Brasserie Fantôme – Pissenlit
Dany, the offbeat brewer at Fantôme, will try anything, and the results are always interesting. A beer made from dandelions would be worth a try if only because no one has ever brewed one before, but the great news is that this is actually a very good beer.
Dany and some cohorts get busy every spring picking bushels of dandelions that grow in the fields around the picturesque farmhouse brewery. The yellow flowers are removed and dried in the sun, then soaked in water for a few days. The thick, dark dandelion “tea” that results is the basis for the Pissenlit, which is made also from traditional barley malt and hops. It resembles a classic saison beer – golden spritzy brew, strong and very flavorful, with a good hop bite. You may have to strain to taste the dandelions, but you know they’re in there.
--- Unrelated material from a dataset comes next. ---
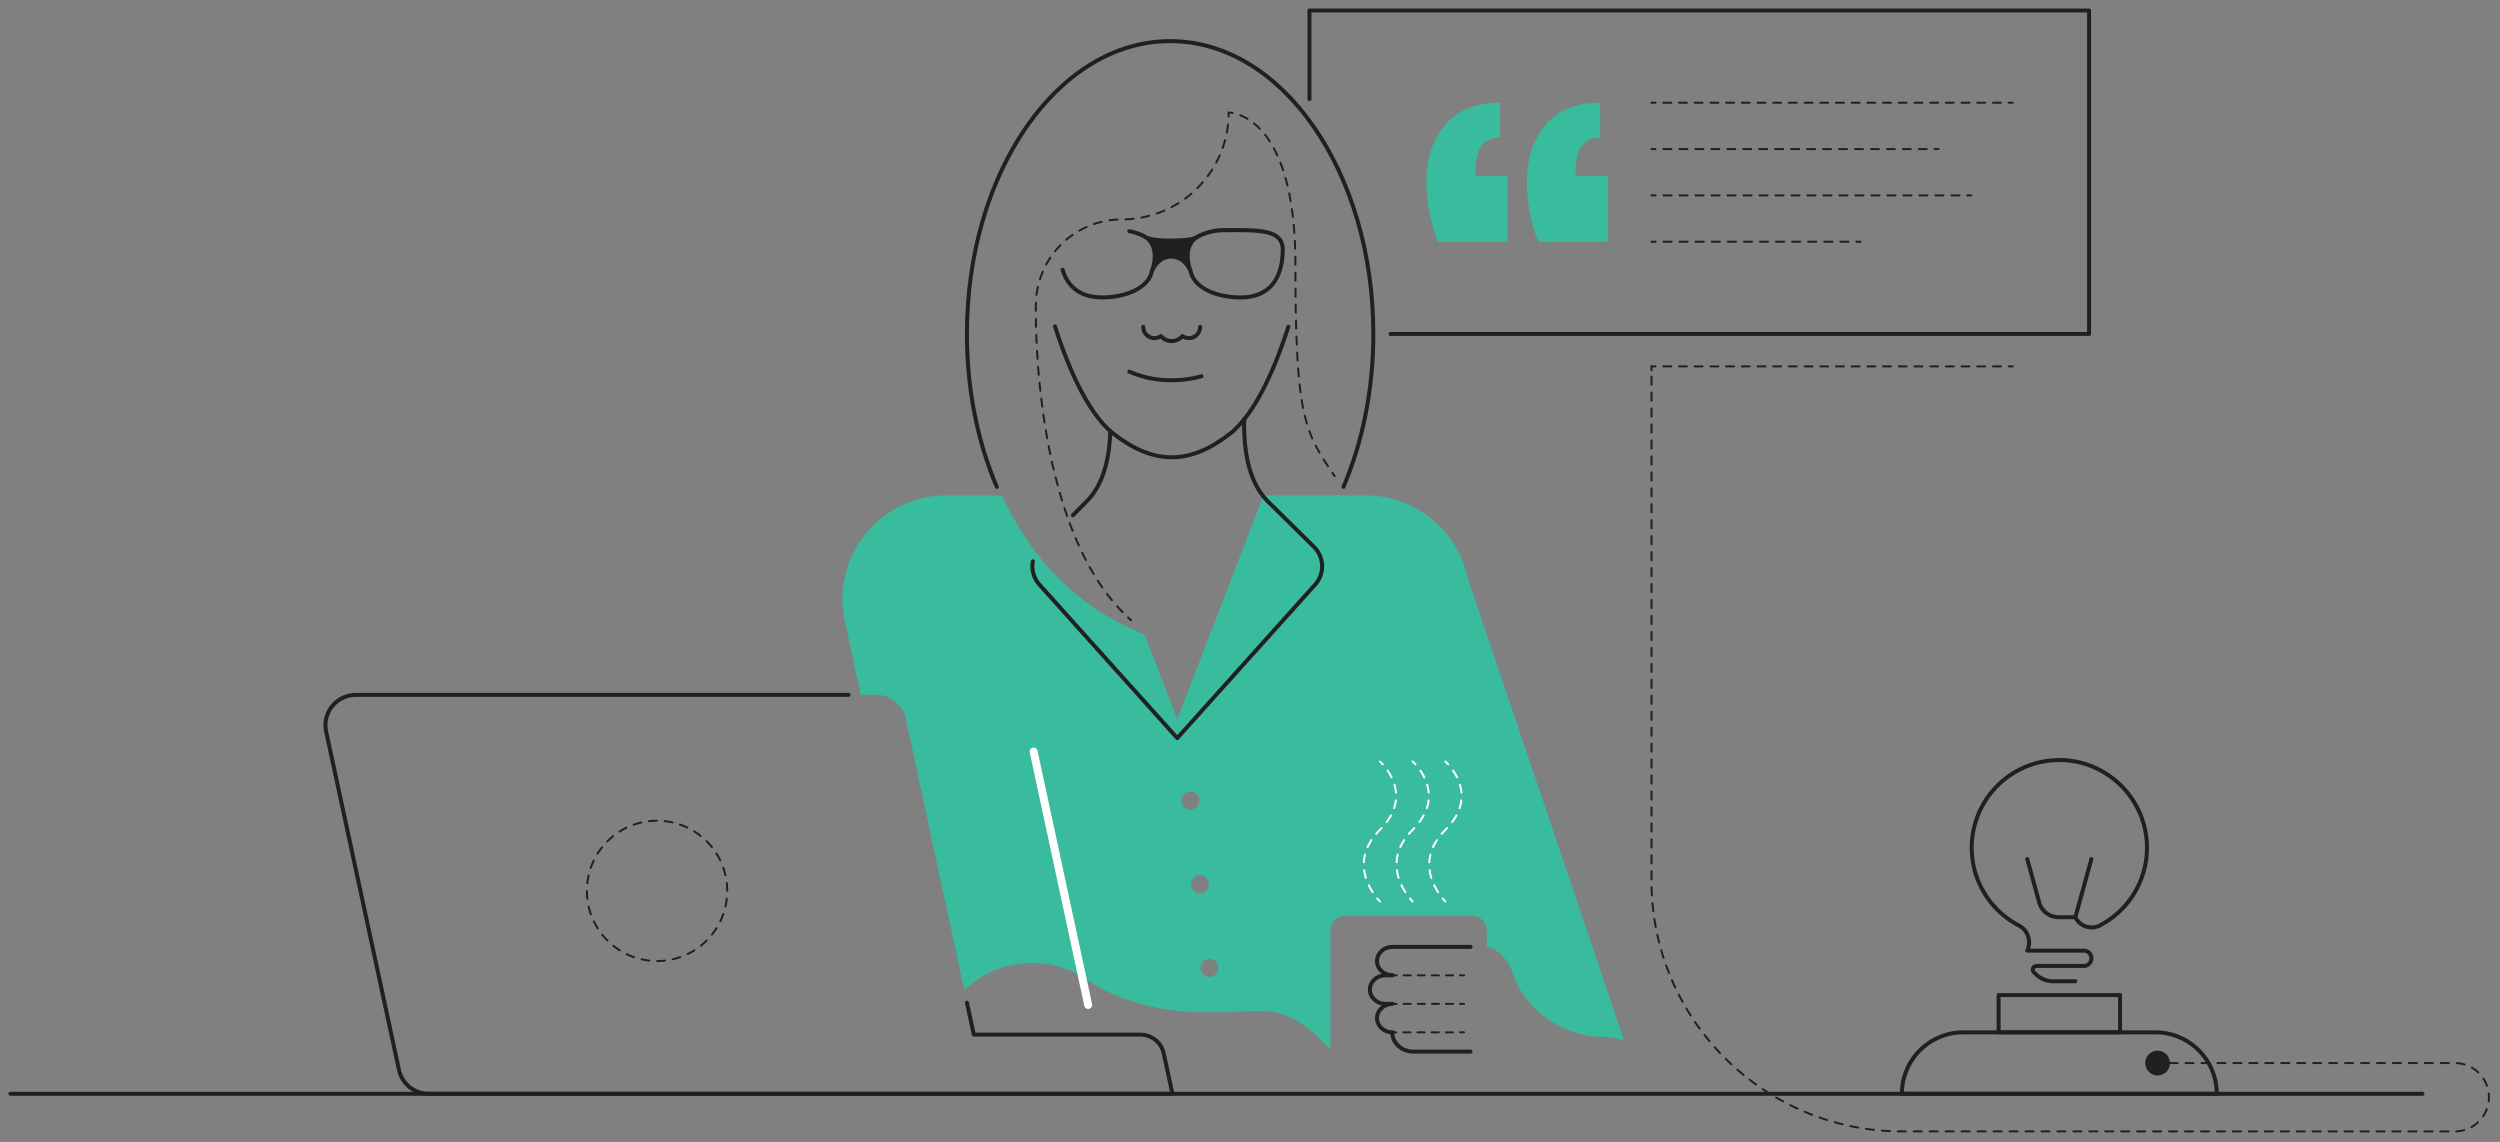 <svg xmlns="http://www.w3.org/2000/svg" viewBox="0 0 2503.56 1143.53"><rect x="0" y="0" width="2503.56" height="1143.53" fill="#808080" stroke="none"/><defs><style>.cls-1{fill:#221f20;}.cls-2{fill:#39bb9d;}.cls-10,.cls-11,.cls-12,.cls-13,.cls-14,.cls-15,.cls-16,.cls-17,.cls-18,.cls-3,.cls-4,.cls-5,.cls-6,.cls-7,.cls-8,.cls-9{fill:none;stroke-linecap:round;}.cls-10,.cls-11,.cls-12,.cls-13,.cls-14,.cls-18,.cls-3,.cls-4,.cls-5,.cls-6,.cls-7,.cls-8,.cls-9{stroke:#221f20;}.cls-10,.cls-11,.cls-12,.cls-13,.cls-14,.cls-15,.cls-16,.cls-3,.cls-4,.cls-5,.cls-6,.cls-7,.cls-8,.cls-9{stroke-miterlimit:10;stroke-width:2px;}.cls-4{stroke-dasharray:8.05 8.05;}.cls-5{stroke-dasharray:7.86 7.86;}.cls-6{stroke-dasharray:7.99 7.99;}.cls-7{stroke-dasharray:8.01 8.01;}.cls-8{stroke-dasharray:7.99 7.99;}.cls-9{stroke-dasharray:8.02 8.02;}.cls-10{stroke-dasharray:7.88 7.88;}.cls-11{stroke-dasharray:7.99 7.99;}.cls-12{stroke-dasharray:7.06 7.06;}.cls-13{stroke-dasharray:7.06 7.06;}.cls-14{stroke-dasharray:7.1 7.1;}.cls-15,.cls-16,.cls-17{stroke:#fff;}.cls-16{stroke-dasharray:7.92 7.92;}.cls-17,.cls-18{stroke-linejoin:round;}.cls-17{stroke-width:8px;}.cls-18{stroke-width:4px;}</style></defs><g id="solid_shapes" data-name="solid shapes"><path class="cls-1" d="M1281.64,236.87c-8.59-8.57-27.34-8.52-49.05-8.45h-5.78A59.74,59.74,0,0,0,1198.7,235h0a13.16,13.16,0,0,0-2.19,1.34c-2.48,1-8.74,2.56-23.61,2.56-15.14,0-21.35-1.62-23.74-2.61a16.29,16.29,0,0,0-2-1.24h0a56.33,56.33,0,0,0-15.83-5.48,2,2,0,1,0-.74,3.93,52.17,52.17,0,0,1,14.43,4.95,7.35,7.35,0,0,0,1.81,1.16,21.83,21.83,0,0,1,2.4,2.08c3.59,3.93,7.74,12.19,3,27.61a21.62,21.62,0,0,0-.88,2.65v0h0l0,.11c-4.13,16.33-27.55,23.76-47.56,23.76-19.73,0-32.42-8.79-37.74-26.14a2,2,0,1,0-3.82,1.17c5.8,18.95,20.18,29,41.56,29,11.78,0,23.24-2.31,32.29-6.52,10.34-4.8,16.94-11.76,19.11-20.12l.16-.46c.92-2.45,5.79-13.73,17.61-13.73s16.68,11.28,17.6,13.73c0,.16.11.31.16.46,2.17,8.37,8.78,15.32,19.11,20.12,9,4.21,20.52,6.52,32.29,6.52,16.52,0,28.69-5.79,36.17-17.22,6.84-10.46,8.28-23.69,8.28-32.95C1286.51,244.4,1284.87,240.09,1281.64,236.87Zm-39.58,59c-20,0-43.42-7.43-47.56-23.76l0-.11h0v0a23.72,23.72,0,0,0-.89-2.66c-4.54-14.6-1.14-22.74,2.28-26.9a21.77,21.77,0,0,1,3.07-2.78,7.48,7.48,0,0,0,1.8-1.15,55.86,55.86,0,0,1,26.09-6h5.79c20.82-.07,38.8-.12,46.22,7.28,2.48,2.48,3.69,5.74,3.69,10C1282.51,287.84,1260.51,295.85,1242.06,295.85Z"/><circle class="cls-1" cx="2160.68" cy="1064.57" r="12.41"/><path class="cls-2" d="M1428.44,181.65q0-34.46,18.8-56.61t55-22.14v34.9q-24.62,0-24.61,33.56v4.92h32.22v65.77h-69.8Q1428.44,211.63,1428.44,181.65Zm100.68,0q0-34.46,18.57-56.61t54.81-22.14v34.9q-24.62,0-24.61,33.56v4.92h32.22v65.77h-69.8A166.74,166.74,0,0,1,1529.12,181.65Z"/><path class="cls-2" d="M1469.55,578.11a103.84,103.84,0,0,0-101.52-82H1265.29l-86.35,224.15-32.67-84.79c-74.23-29.36-117.52-84.34-142.75-139.36H947.59c-66.15,0-115.44,61-101.52,125.69l15.94,74H877.4a30.41,30.41,0,0,1,29.73,24l58.51,271.78a98.45,98.45,0,0,1,117.71-13.84h0l.12.09A98.76,98.76,0,0,1,1094,985c16.53,10,52,27.07,103.35,28.57,73.09,2.12,85.52-14.55,133.6,36.07l1.32.38V932a15,15,0,0,1,15-15h126.7a15,15,0,0,1,15,15V948c11.19,1.89,21.67,14,25.16,24.79a93.42,93.42,0,0,0,40.38,50.76c13.25,8.12,29.76,14.56,48.92,14.75a70.4,70.4,0,0,1,23.06,3.92ZM1183.14,802.72a9,9,0,1,1,10,7.94A9,9,0,0,1,1183.14,802.72Zm9.51,83.77a9,9,0,1,1,10,8A9,9,0,0,1,1192.65,886.49Zm19.49,91.72a9,9,0,1,1,7.95-10A9,9,0,0,1,1212.14,978.21Z"/></g><g id="dotted_lines" data-name="dotted lines"><line class="cls-3" x1="1653.85" y1="242.05" x2="1657.85" y2="242.05"/><line class="cls-4" x1="1665.9" y1="242.05" x2="1855.12" y2="242.05"/><line class="cls-3" x1="1859.14" y1="242.05" x2="1863.14" y2="242.05"/><line class="cls-3" x1="1653.85" y1="102.9" x2="1657.85" y2="102.9"/><line class="cls-5" x1="1665.71" y1="102.9" x2="2007.63" y2="102.9"/><line class="cls-3" x1="2011.56" y1="102.9" x2="2015.56" y2="102.9"/><line class="cls-3" x1="1653.85" y1="149.28" x2="1657.85" y2="149.28"/><line class="cls-6" x1="1665.83" y1="149.28" x2="1933.41" y2="149.28"/><line class="cls-3" x1="1937.4" y1="149.28" x2="1941.4" y2="149.28"/><line class="cls-3" x1="1653.85" y1="195.67" x2="1657.85" y2="195.67"/><line class="cls-7" x1="1665.86" y1="195.67" x2="1966.16" y2="195.67"/><line class="cls-3" x1="1970.16" y1="195.67" x2="1974.16" y2="195.67"/><path class="cls-3" d="M1336.57,476.82l-2.25-3.3"/><path class="cls-8" d="M1329.86,466.89c-25-37.67-32.61-60.86-32.61-202.12,0-120.42-41.29-145.47-59-150.68"/><path class="cls-3" d="M1234.41,113.16a21.91,21.91,0,0,0-4-.43c0,1.34,0,2.67-.07,4"/><path class="cls-9" d="M1229.78,124.72a107.05,107.05,0,0,1-106.37,95,86.06,86.06,0,0,0-86.06,86.06s-5.46,217,89.45,309.83"/><path class="cls-3" d="M1129.7,618.41c1,.91,2,1.81,3,2.69"/><circle class="cls-10" cx="657.99" cy="892.15" r="70.27" transform="translate(-438.13 726.58) rotate(-45)"/><line class="cls-3" x1="2160.68" y1="1064.57" x2="2164.68" y2="1064.57"/><path class="cls-11" d="M2172.67,1064.57h286.16a34.23,34.23,0,0,1,0,68.45H1904.77c-138.58,0-250.92-112.34-250.92-250.92V374.91"/><polyline class="cls-3" points="1653.85 370.91 1653.85 366.91 1657.85 366.91"/><line class="cls-5" x1="1665.71" y1="366.91" x2="2007.63" y2="366.91"/><line class="cls-3" x1="2011.56" y1="366.91" x2="2015.56" y2="366.91"/><line class="cls-3" x1="1394.6" y1="1005.31" x2="1398.6" y2="1005.31"/><line class="cls-12" x1="1405.66" y1="1005.31" x2="1458.6" y2="1005.31"/><line class="cls-3" x1="1462.13" y1="1005.31" x2="1466.13" y2="1005.31"/><line class="cls-3" x1="1394.6" y1="976.69" x2="1398.6" y2="976.69"/><line class="cls-13" x1="1405.66" y1="976.69" x2="1458.6" y2="976.69"/><line class="cls-3" x1="1462.13" y1="976.69" x2="1466.13" y2="976.69"/><line class="cls-3" x1="1466.13" y1="1033.81" x2="1462.13" y2="1033.81"/><line class="cls-14" x1="1455.02" y1="1033.81" x2="1401.77" y2="1033.81"/><line class="cls-3" x1="1398.22" y1="1033.81" x2="1394.22" y2="1033.81"/><path class="cls-15" d="M1381.91,762.63a39.54,39.54,0,0,1,2.8,2.85"/><path class="cls-16" d="M1389.61,771.69c8.23,12.06,17,34.72-7.7,59.32-27.39,27.23-13.66,54-5.11,65.7"/><path class="cls-15" d="M1379.23,899.83c1.6,1.92,2.68,3,2.68,3"/><path class="cls-15" d="M1414.69,762.63a38.11,38.11,0,0,1,2.81,2.85"/><path class="cls-16" d="M1422.39,771.69c8.24,12.06,17,34.72-7.7,59.32-27.38,27.23-13.66,54-5.11,65.7"/><path class="cls-15" d="M1412,899.83c1.6,1.92,2.67,3,2.67,3"/><path class="cls-15" d="M1447.48,762.63a38.11,38.11,0,0,1,2.81,2.85"/><path class="cls-16" d="M1455.18,771.69c8.24,12.06,17,34.72-7.7,59.32-27.39,27.23-13.66,54-5.11,65.7"/><path class="cls-15" d="M1444.81,899.83a39.26,39.26,0,0,0,2.67,3"/></g><g id="inverted_lines" data-name="inverted lines"><line class="cls-17" x1="1089.73" y1="1006.36" x2="1035.1" y2="752.6"/></g><g id="solid_lines" data-name="solid lines"><path class="cls-18" d="M1966.13,1033.81h192.26a61.53,61.53,0,0,1,61.53,61.53v0a0,0,0,0,1,0,0H1904.6a0,0,0,0,1,0,0v0A61.53,61.53,0,0,1,1966.13,1033.81Z"/><rect class="cls-18" x="2001.46" y="996.48" width="121.61" height="37.33"/><path class="cls-18" d="M2094.38,860.27l-16.06,58.22H2061.5a20.07,20.07,0,0,1-19.36-14.75l-12-43.47"/><path class="cls-18" d="M2078.32,918.49h0a18,18,0,0,0,24.34,8.35,87.74,87.74,0,0,0,47.25-82.45c-2.25-45-39-81.35-84-83.17a87.78,87.78,0,0,0-44.39,165.44,19.23,19.23,0,0,1,8.62,25.34h56.58a7.66,7.66,0,0,1,7.66,7.66h0a7.66,7.66,0,0,1-7.66,7.67h-47.34a3.7,3.7,0,0,0-2.56,6.38l2.32,2.21a24.36,24.36,0,0,0,16.83,6.75h22.35"/><line class="cls-18" x1="2425.89" y1="1095.33" x2="10.51" y2="1095.33"/><path class="cls-18" d="M968.33,1004.18l6.87,31.92h166.73a24,24,0,0,1,23.5,19l8.67,40.25H429.26a30.4,30.4,0,0,1-29.73-24l-72.9-338.65a30.42,30.42,0,0,1,29.73-36.82H849.69"/><path class="cls-18" d="M1034.35,562.08a27.32,27.32,0,0,0,6.71,23.55l137.88,153.52,137.88-153.52a27.36,27.36,0,0,0-.67-37.65l-45.59-45c-23.32-22.44-24.88-60.4-24.66-83"/><path class="cls-18" d="M1290.21,327.18c-10,31.29-30.32,85.11-58.27,107-40.52,31.68-76.56,31.68-117.08,0-28.07-21.95-48.49-76.14-58.39-107.37"/><path class="cls-18" d="M1131,372.17a101.93,101.93,0,0,0,41.9,8.58,109.79,109.79,0,0,0,30.32-3.95"/><path class="cls-18" d="M1111.87,431.65c-.7,22.47-4.89,52.43-24.56,71.35l-12.94,13"/><path class="cls-18" d="M1144.86,327.34a11.25,11.25,0,0,0,17.71,9.23,14.15,14.15,0,0,0,21.54,0,11.24,11.24,0,0,0,17.7-9.23"/><path class="cls-18" d="M1394.22,976.69h-6.67c-8.68,0-15.72,6.4-15.72,14.31h0c0,7.9,7,14.31,15.72,14.31h7"/><path class="cls-18" d="M1391.45,1005.6c-7.13,1.33-12.5,7.07-12.5,14h0c0,7.87,7,14.25,15.65,14.25"/><path class="cls-18" d="M1472.67,948.19H1394.6c-8.64,0-15.65,6.38-15.65,14.25h0c0,7.87,7,14.25,15.65,14.25"/><path class="cls-18" d="M1394.22,1033.81h0c0,10.66,9.49,19.31,21.21,19.31h57.24"/><path class="cls-18" d="M1345.38,487.54c19-44.56,29.91-97,29.91-153.1,0-162-91.11-293.26-203.5-293.26h0c-112.39,0-203.5,131.3-203.5,293.26,0,56.11,10.94,108.54,29.9,153.1"/><polyline class="cls-18" points="1392.53 334.44 2092.05 334.44 2092.05 10.51 1311.33 10.51 1311.33 99.16"/></g></svg>

It should be noted that uncooked, the dandelion has a diuretic effect and is known in France as Pissenlit (literally, “wet the bed” – this also happens to be the British folk-name) for precisely this reason.
Marble – Special Imperial Saison (Marble & Dark Star colab, brewed in Manchester)
Imperial Saison brewed in partnership with DarkStar. Classic spicy yeast notes with with a warming alcohol kick.